*** Begin section ***
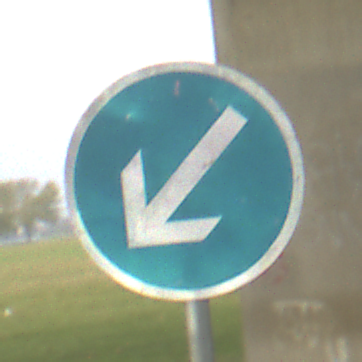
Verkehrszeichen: VorgeschriebeneVorbeifahrtLinks
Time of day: SunriseSunset
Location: Outdoor (Suburban)
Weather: PartlyCloudy
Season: NotSpecified
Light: Natural
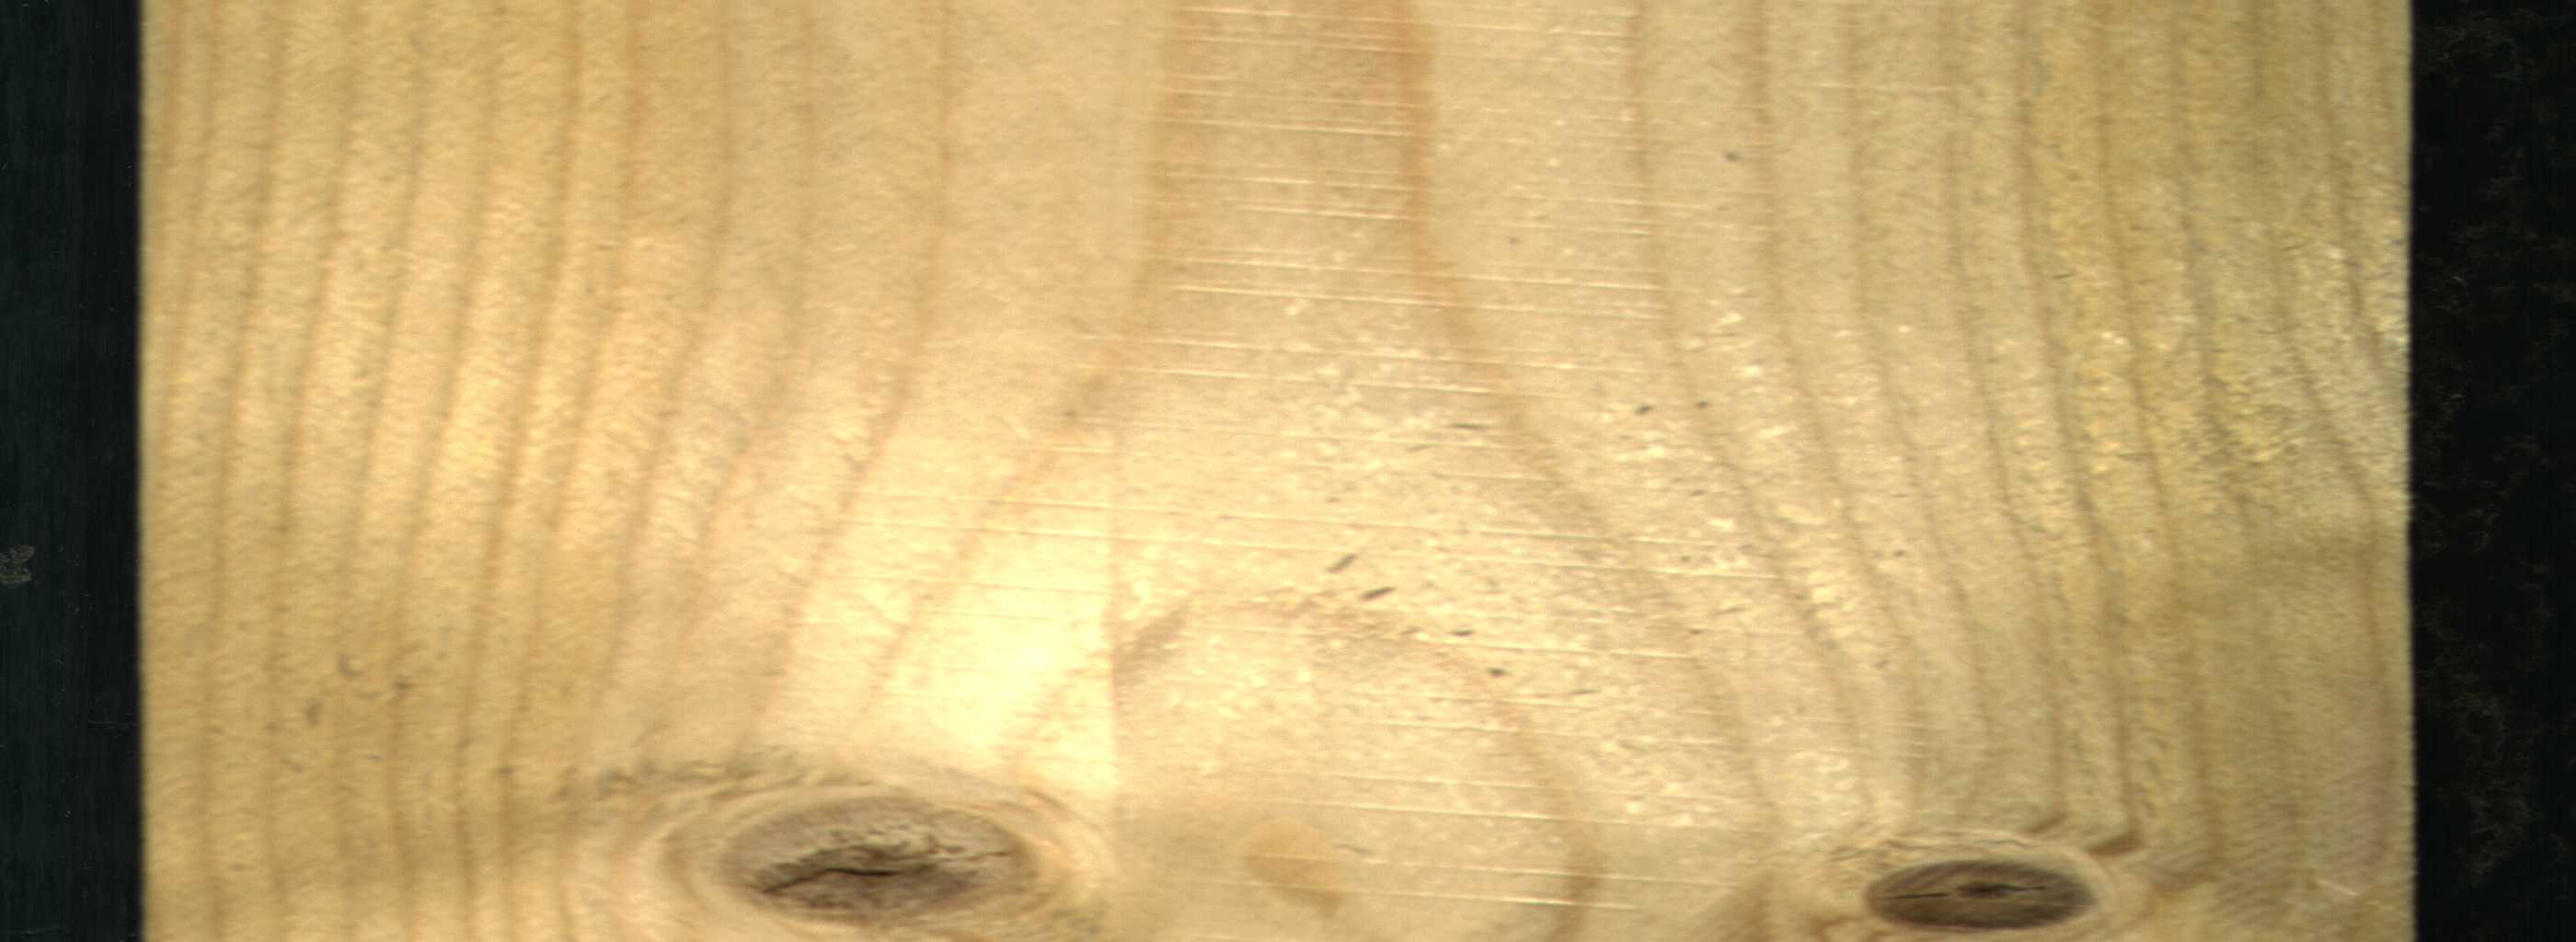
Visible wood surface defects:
knot_with_crack
Live_Knot
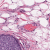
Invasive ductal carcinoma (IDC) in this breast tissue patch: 0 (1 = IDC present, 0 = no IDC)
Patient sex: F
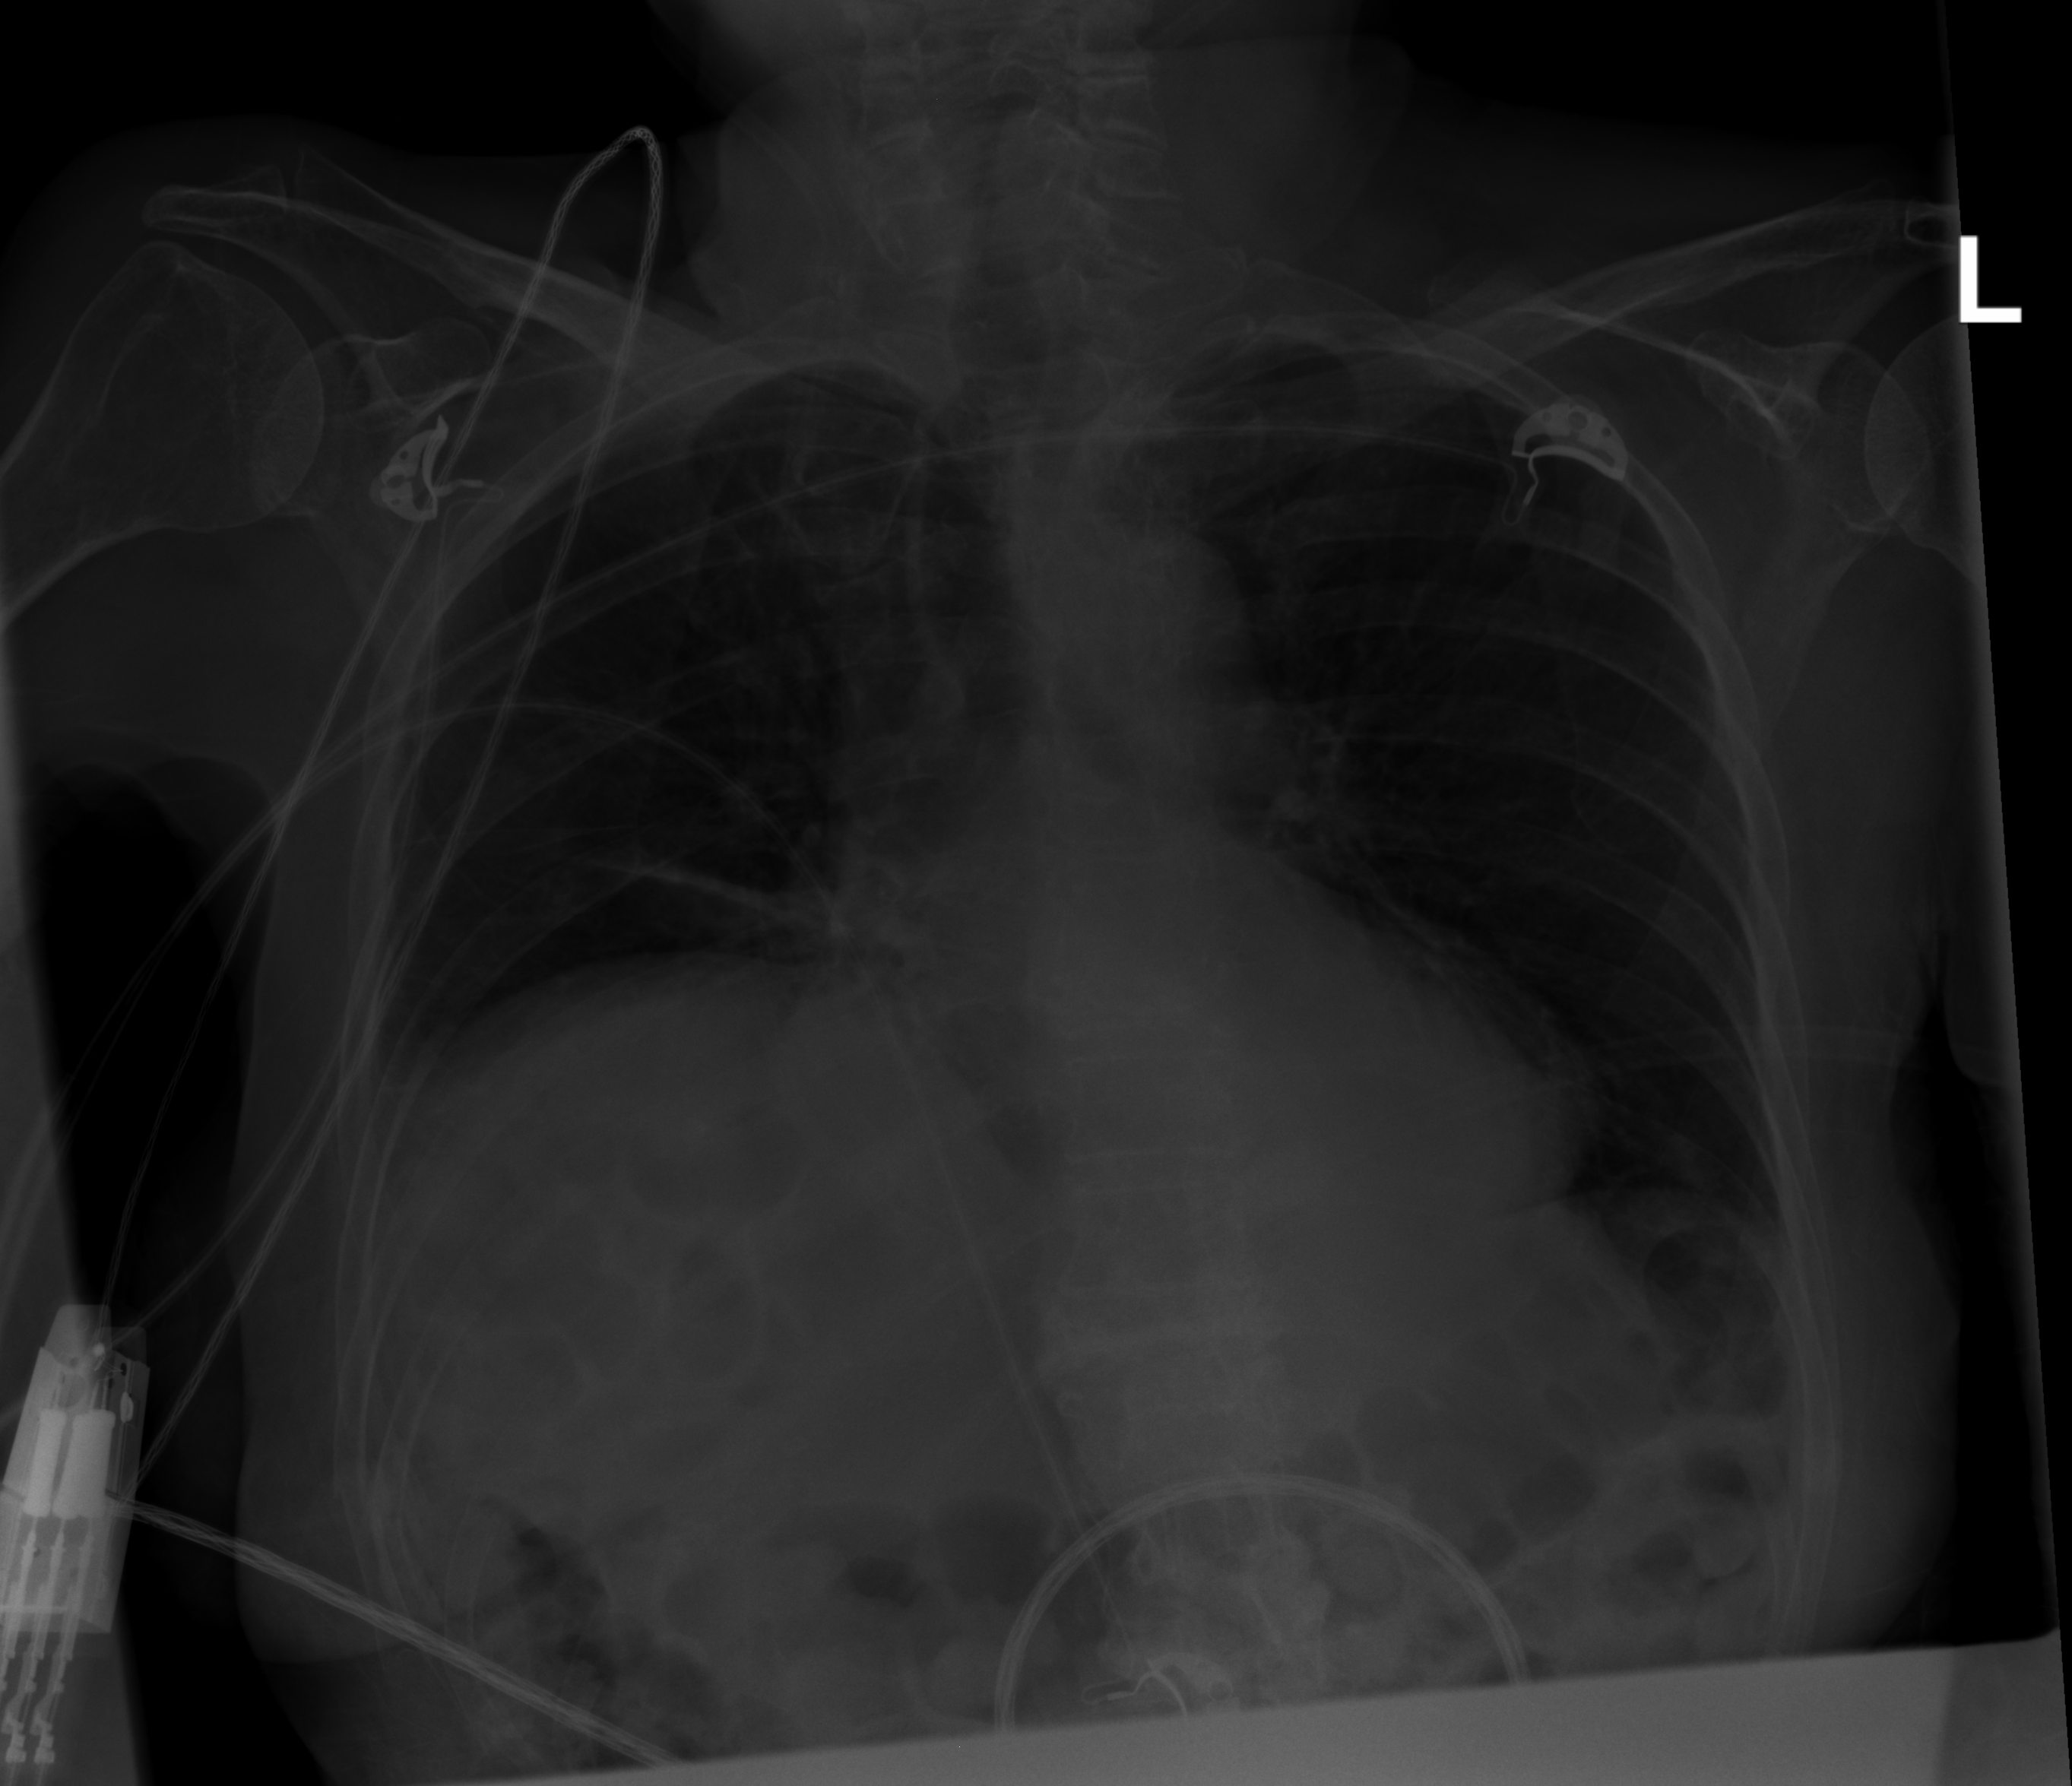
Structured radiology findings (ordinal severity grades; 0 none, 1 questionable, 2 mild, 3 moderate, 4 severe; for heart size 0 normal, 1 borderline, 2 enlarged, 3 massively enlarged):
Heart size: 0
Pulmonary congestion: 0
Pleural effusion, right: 0
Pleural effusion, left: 0
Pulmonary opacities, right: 0
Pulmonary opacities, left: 0
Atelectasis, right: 2
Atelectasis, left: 0
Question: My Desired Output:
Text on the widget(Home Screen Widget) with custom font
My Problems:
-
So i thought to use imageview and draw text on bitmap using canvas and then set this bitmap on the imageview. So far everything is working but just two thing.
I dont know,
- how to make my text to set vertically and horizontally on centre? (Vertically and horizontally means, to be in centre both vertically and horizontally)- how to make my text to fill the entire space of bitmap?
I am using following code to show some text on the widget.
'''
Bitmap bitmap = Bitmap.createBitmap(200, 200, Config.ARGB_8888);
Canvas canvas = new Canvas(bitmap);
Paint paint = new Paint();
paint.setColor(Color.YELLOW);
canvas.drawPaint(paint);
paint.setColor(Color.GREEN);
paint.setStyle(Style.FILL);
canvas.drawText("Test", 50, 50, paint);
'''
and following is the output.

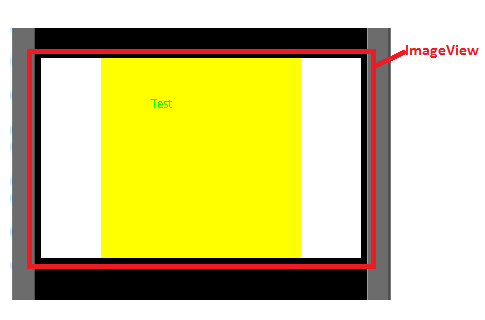
Answer: 1- Setting font runtime on textview in widget
'''
I dont know that either
'''
2- Setting text to be in center and fill the container
'''
Please see the following code:
float size = 1.0f;
Bitmap bitmap = Bitmap.createBitmap(200, 200, Config.ARGB_8888);
Canvas canvas = new Canvas(bitmap);
Paint paint = new Paint();
paint.setColor(Color.YELLOW);
canvas.drawPaint(paint);
paint.setColor(Color.GREEN);
paint.setStyle(Style.FILL);
Rect rect = new Rect();
paint.getTextBounds("Test", 0, 4, rect);
float width = 1.0f;
while (width<200 && rect.height()<200)
{
size++;
paint.setTextSize(size);
width = paint.measureText("Test");
paint.getTextBounds("Test", 0, 4, rect);
}
size--;
paint.setTextSize(size);
canvas.drawText("Test", 100-width/2, 100+rect.height()/2, paint);
'''
I was trying to attach the screen shot but it wont allow me to add as i am a new user.(rookie :P)
Thanks,
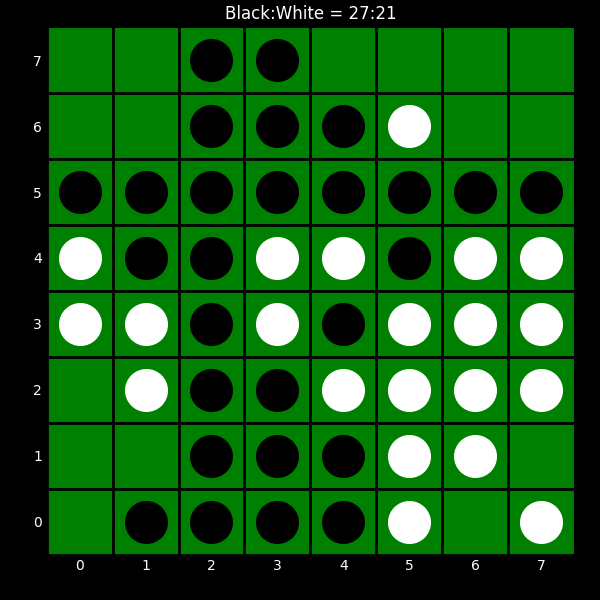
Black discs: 27
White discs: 21
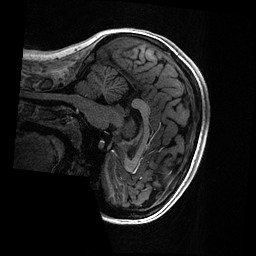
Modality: T1w
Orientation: sagittal
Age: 18
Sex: female
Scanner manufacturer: ge
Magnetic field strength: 3 T
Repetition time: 0.006952 s
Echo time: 0.00292 s
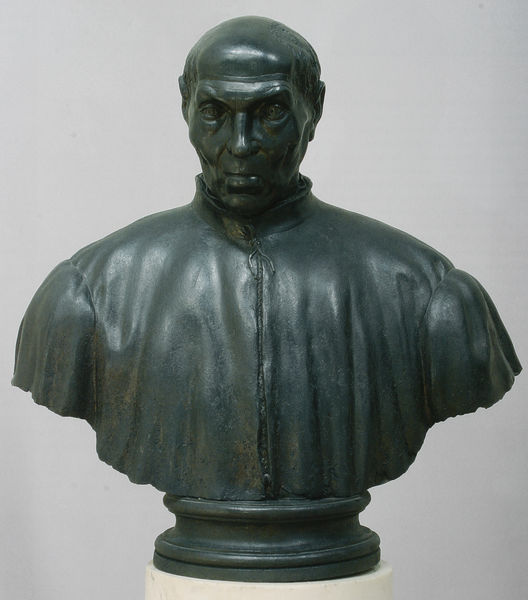
Titel: Büste von Giovan Pietro Mantova Benavides
Künstler: Paduanischer Bildhauer
Standort: Venedig
Institution: Galleria Giorgio Franchetti alla Ca'd'oro
Schlagwörter: blau, dunkel, kopf, körper, mann, schatten, umhang, weiß, grün, brust, grau, haar, hell, hut, licht, marmor, mund, nase, ohr, schwarz, stirn, säule, blick, tuch, schleife, alt, jacke, mütze, wand, arm, arme, augen, band, böse, falten, gesicht, kleidung, kragen, mensch, sockel, stein, ärmel, bildnis, hals, herr, portrait, porträt, spiegelung, auge, figur, geistlicher, gewand, haare, kutte, mantel, schnur, stoff, stoffe, tücher, person, augenbrauen, kinn, knopf, lippen, ohren, renaissance, schulter, schultern, rund, skulptur, statue, wangen, alter mann, kahl, ausdruck, material, bischof, kaiser, papst, falte, ernst, streng, brauen, büste, finster, glatze, grimmig, starr, mimik, glänzend, metall, faden, bauch, bildhauerei, bronze, plastik, platte, plinthe, podest, wange, augenbraue, knöpfe, oberkörper, oberarm, foto, fotografie, messing, alter, greis, torso, schlicht, verkniffen, denker, stirnfalten, haarkranz, kardinal, statuette, stirnfalte, rom, daumier, schläfe, pfarrer, wangenknochen, kraus, priester, gebunden, strenge, mönch, vatikan, adliger, basis, stren, porträit, cape, guss, mamor, mager, medici, schleifchen, kantig, pellerine, patina, erstaunen, würdenträger, bernini, riemenschneider, stirnrunzeln, kute, auftraggeber, backenknochen, sokel, amtsträger, einfache kleidung, glick, donatello, büster, aaugen, ohne arme, breitschultrig, condottiere, messerschmidt, mönsch, manteau, gletze, böser mann
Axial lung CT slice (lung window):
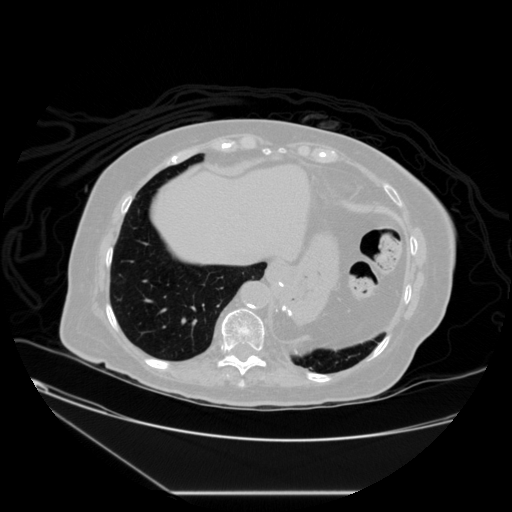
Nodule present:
*** End section ***
Within the material above, only the stretch from the line holding "Season: NotSpecified" through the line holding "Structured radiology findings" is to be restated exactly. Pictures are dropped.

Season: NotSpecified
Light: Natural
Visible wood surface defects:
knot_with_crack
Live_Knot
Invasive ductal carcinoma (IDC) in this breast tissue patch: 0 (1 = IDC present, 0 = no IDC)
Patient sex: F
Structured radiology findings (ordinal severity grades; 0 none, 1 questionable, 2 mild, 3 moderate, 4 severe; for heart size 0 normal, 1 borderline, 2 enlarged, 3 massively enlarged):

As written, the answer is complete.